Safaricom, the leading telecommunications company in Kenya, has entered into a strategic partnership with Access Holdings, spearheaded by Aigboje Aig-Imoukhuede.

The collaboration aims to revolutionize the remittance corridor between East and West Africa, marking a significant step towards enhancing financial inclusion and empowering millions of individuals across the continent.

The partnership comes on the heels of Access Holdings’ recent acquisition of the National Bank of Kenya Limited, signaling the company’s ambitious expansion into the East African market.

Leveraging Safaricom’s extensive network and expertise in mobile money through M-Pesa, which currently dominates the mobile money market in Kenya, the alliance seeks to create seamless and efficient channels for remittance transactions.

Aigboje Aig-Imoukhuede, the driving force behind Access Holdings, expressed enthusiasm about the collaboration, highlighting its potential to transcend traditional boundaries and foster greater economic connectivity between East and West Africa.
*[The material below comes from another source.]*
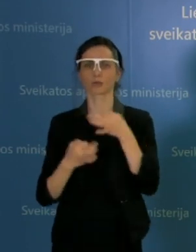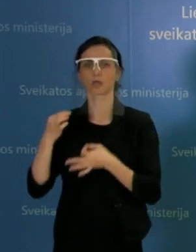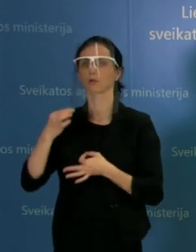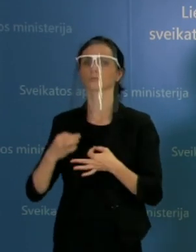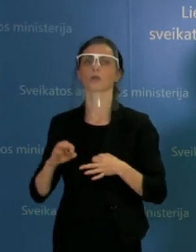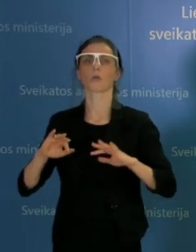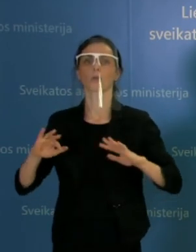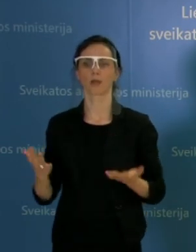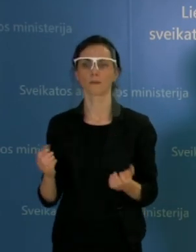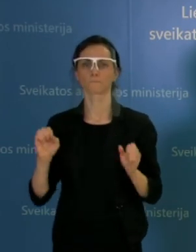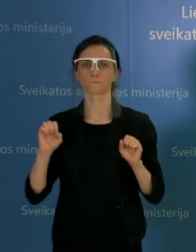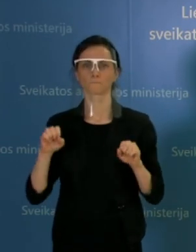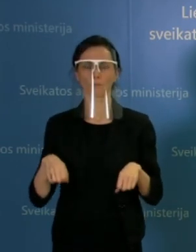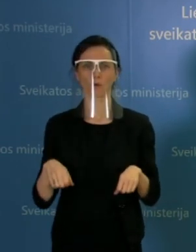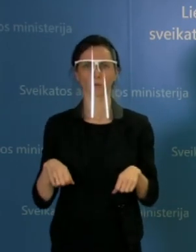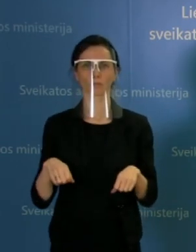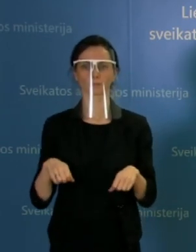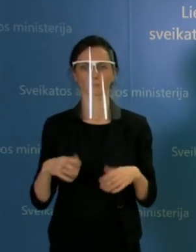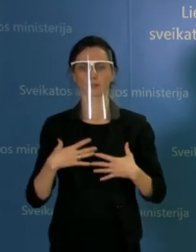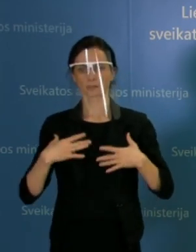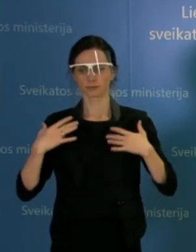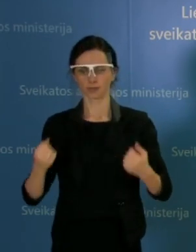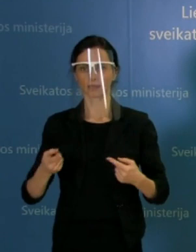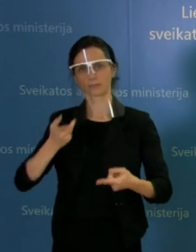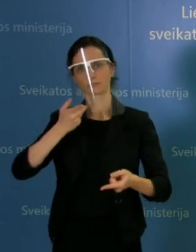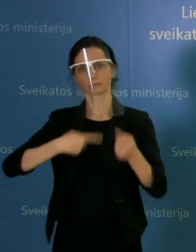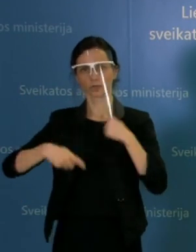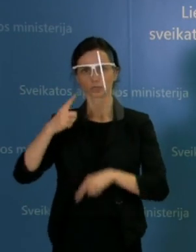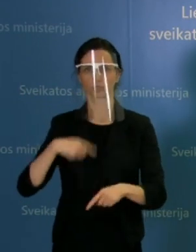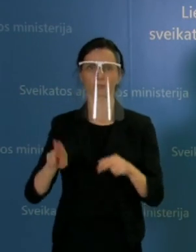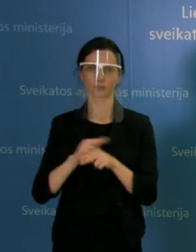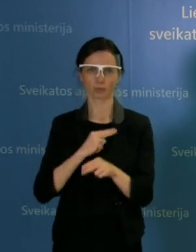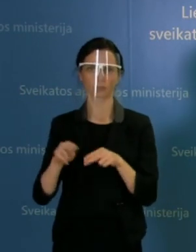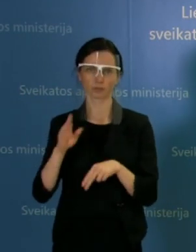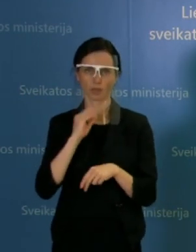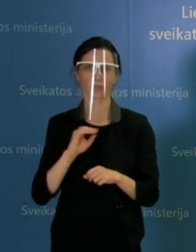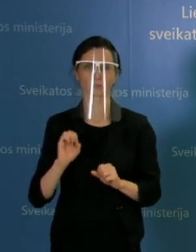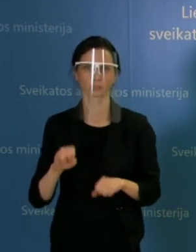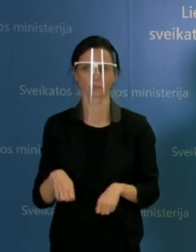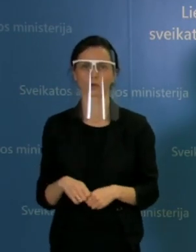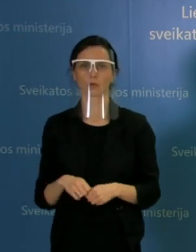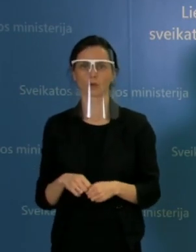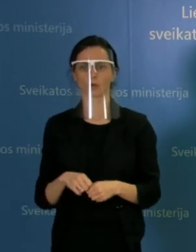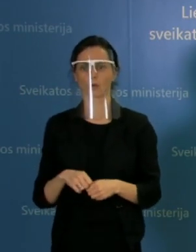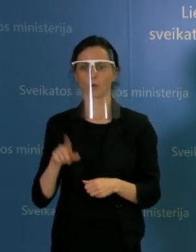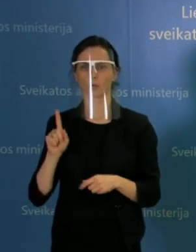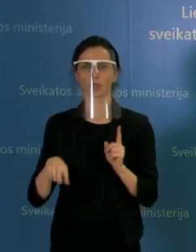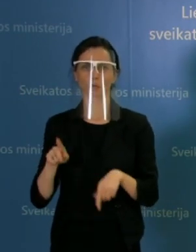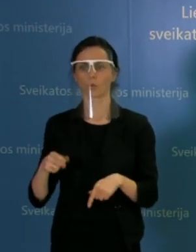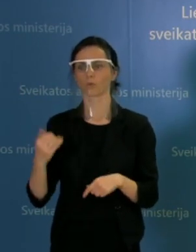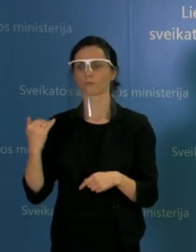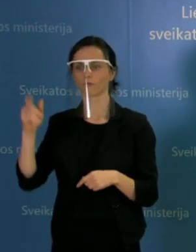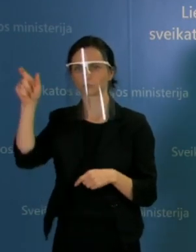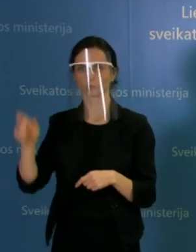plačiau naudoti sveikatą gražinantį galbūt gydimą tiem, kurie tiek persirgo covidu,

He highlighted the fusion of collective expertise and resources between the two entities, underlining their shared commitment to driving financial inclusion and empowerment across the continent.

The partnership holds promise for addressing the challenges faced by millions of Africans in accessing affordable and reliable remittance services.

By connecting more than 60 million customers and 5 million businesses across eight countries, the collaboration aims to facilitate over $1 billion in daily transaction value, significantly boosting the flow of remittances within and outside Africa.

With the first phase of the collaboration focusing on key markets such as Nigeria, Kenya, Ghana, and Tanzania, stakeholders anticipate a transformative impact on the remittance landscape, paving the way for greater intracontinental trade and economic integration in line with the objectives of initiatives like the African Continental Free Trade Area (AfCFTA).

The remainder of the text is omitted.